**TASK INSTRUCTIONS**
From the entries, copy every line that carries the string "opacity".
____ LISTED ENTRIES
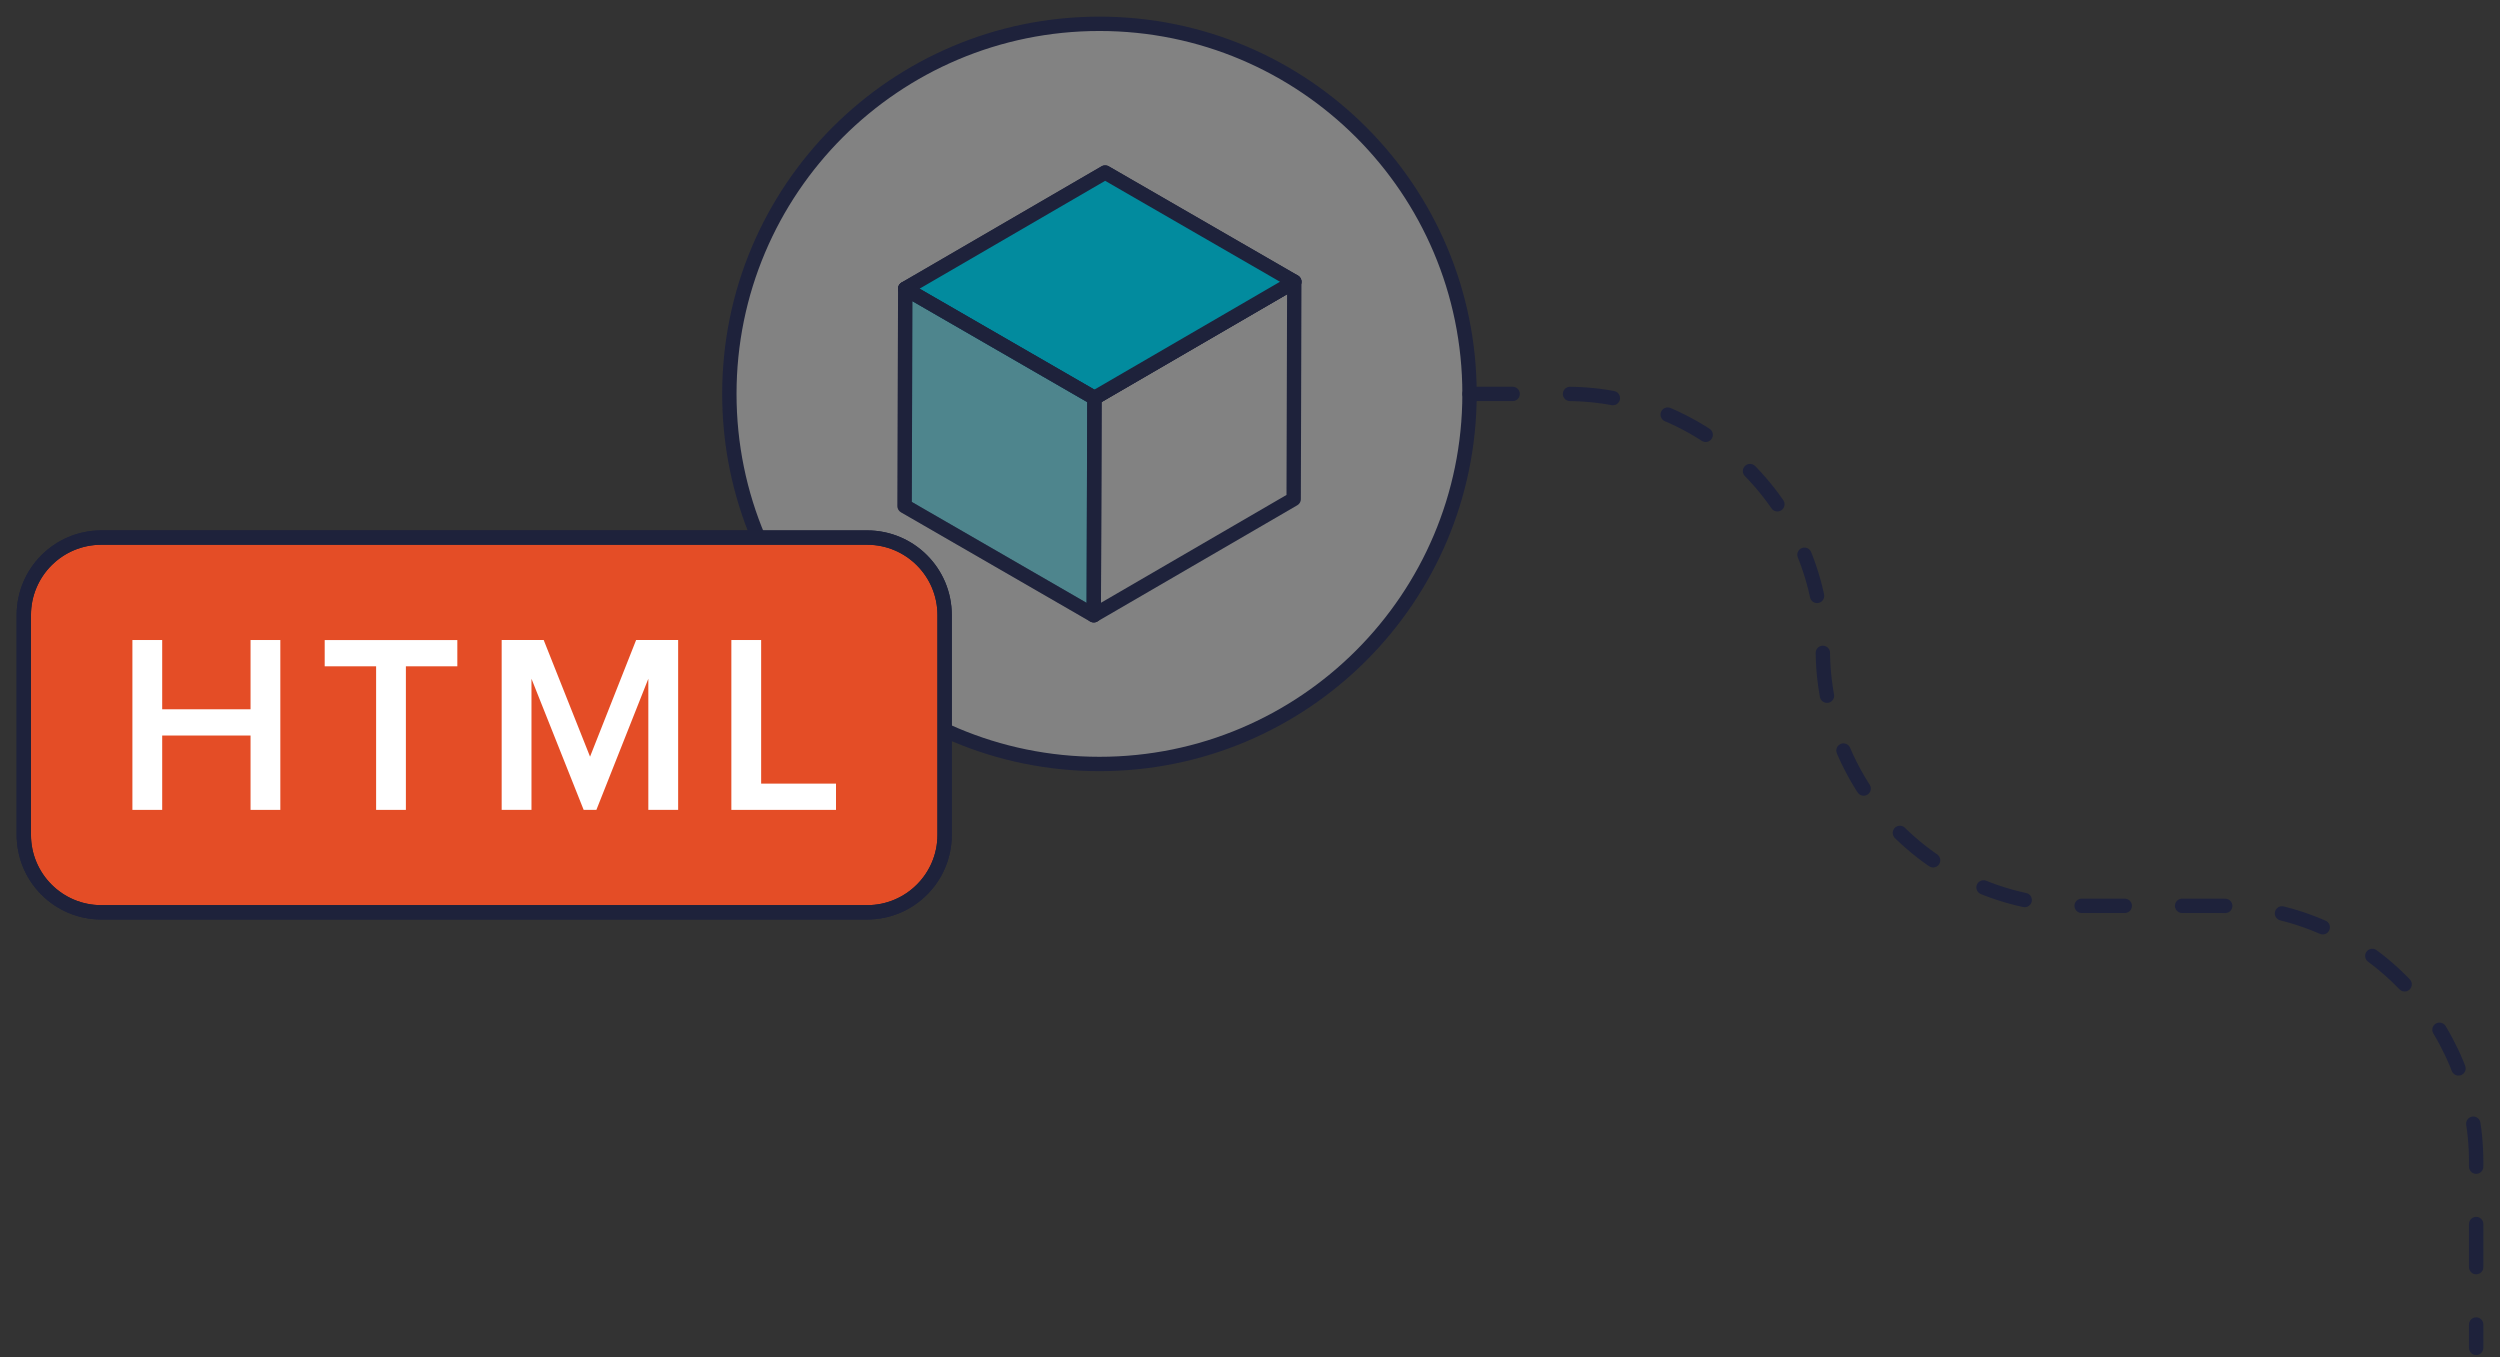 <svg width="105" height="57" viewBox="0 0 105 57" fill="none" xmlns="http://www.w3.org/2000/svg">
<rect x="0" y="0" width="105" height="57" fill="#333333" stroke="none"/>
<path opacity="0.39" d="M46.176 32.087C54.761 32.087 61.72 25.128 61.72 16.544C61.72 7.959 54.761 1 46.176 1C37.592 1 30.633 7.959 30.633 16.544C30.633 25.128 37.592 32.087 46.176 32.087Z" fill="white"/>
<path d="M45.963 16.712L54.36 11.833L54.334 20.961L45.938 25.841L45.963 16.712Z" stroke="#1E223B" stroke-width="0.603" stroke-linecap="round" stroke-linejoin="round"/>
<path d="M38.02 12.126L46.416 7.246L54.361 11.833L45.964 16.712L38.02 12.126Z" stroke="#1E223B" stroke-width="0.603" stroke-linecap="round" stroke-linejoin="round"/>
<path d="M38.02 12.126L46.416 7.246L54.361 11.833L45.964 16.712L38.02 12.126Z" fill="#028B9E" stroke="#1E223B" stroke-width="0.603" stroke-linecap="round" stroke-linejoin="round"/>
<path opacity="0.4" d="M45.964 16.712L45.938 25.841L37.994 21.255L38.02 12.126L45.964 16.712Z" fill="#028B9E" stroke="#1E223B" stroke-width="0.603" stroke-linecap="round" stroke-linejoin="round"/>
<path d="M45.964 16.712L45.938 25.841L37.994 21.255L38.02 12.126L45.964 16.712Z" stroke="#1E223B" stroke-width="0.603" stroke-linecap="round" stroke-linejoin="round"/>
<path d="M46.176 32.087C54.761 32.087 61.72 25.128 61.72 16.544C61.72 7.959 54.761 1 46.176 1C37.592 1 30.633 7.959 30.633 16.544C30.633 25.128 37.592 32.087 46.176 32.087Z" stroke="#1E223B" stroke-width="0.603" stroke-linecap="round" stroke-linejoin="round"/>
<path d="M61.721 16.544H65.808C68.659 16.544 71.394 17.676 73.41 19.692C75.426 21.709 76.559 24.443 76.559 27.294C76.559 28.706 76.837 30.104 77.377 31.408C77.917 32.713 78.709 33.898 79.708 34.896C80.706 35.894 81.891 36.686 83.195 37.226C84.5 37.767 85.898 38.045 87.309 38.045H93.248C96.099 38.045 98.834 39.177 100.85 41.194C102.866 43.21 103.999 45.944 103.999 48.795V56.611" stroke="#1E223B" stroke-width="0.603" stroke-linecap="round" stroke-linejoin="round" stroke-dasharray="1.81 2.41"/>
<path d="M36.42 22.578H4.254C2.457 22.578 1 24.034 1 25.831V35.065C1 36.861 2.457 38.318 4.254 38.318H36.42C38.217 38.318 39.674 36.861 39.674 35.065V25.831C39.674 24.034 38.217 22.578 36.42 22.578Z" fill="#E44D26" stroke="#1E223B" stroke-width="0.603" stroke-miterlimit="10"/>
<path d="M36.42 22.578H4.254C2.457 22.578 1 24.034 1 25.831V35.065C1 36.861 2.457 38.318 4.254 38.318H36.42C38.217 38.318 39.674 36.861 39.674 35.065V25.831C39.674 24.034 38.217 22.578 36.42 22.578Z" stroke="#1E223B" stroke-width="0.603" stroke-linecap="round" stroke-linejoin="round"/>
<path d="M10.523 34.015V30.892H6.812V34.015H5.561V26.881H6.812V29.79H10.523V26.881H11.774V34.015H10.523Z" fill="white"/>
<path d="M15.797 34.015V27.985H13.637V26.883H19.208V27.985H17.047V34.015H15.797Z" fill="white"/>
<path d="M27.23 34.015V28.507L25.048 34.015H24.514L22.322 28.507V34.015H21.07V26.881H22.835L24.782 31.78L26.717 26.881H28.482V34.015H27.23Z" fill="white"/>
<path d="M30.717 34.015V26.881H31.968V32.912H35.112V34.015H30.717Z" fill="white"/>
</svg>
________
**SOLUTION TO THIS PROBLEM**
<path opacity="0.39" d="M46.176 32.087C54.761 32.087 61.72 25.128 61.72 16.544C61.72 7.959 54.761 1 46.176 1C37.592 1 30.633 7.959 30.633 16.544C30.633 25.128 37.592 32.087 46.176 32.087Z" fill="white"/>
<path opacity="0.4" d="M45.964 16.712L45.938 25.841L37.994 21.255L38.02 12.126L45.964 16.712Z" fill="#028B9E" stroke="#1E223B" stroke-width="0.603" stroke-linecap="round" stroke-linejoin="round"/>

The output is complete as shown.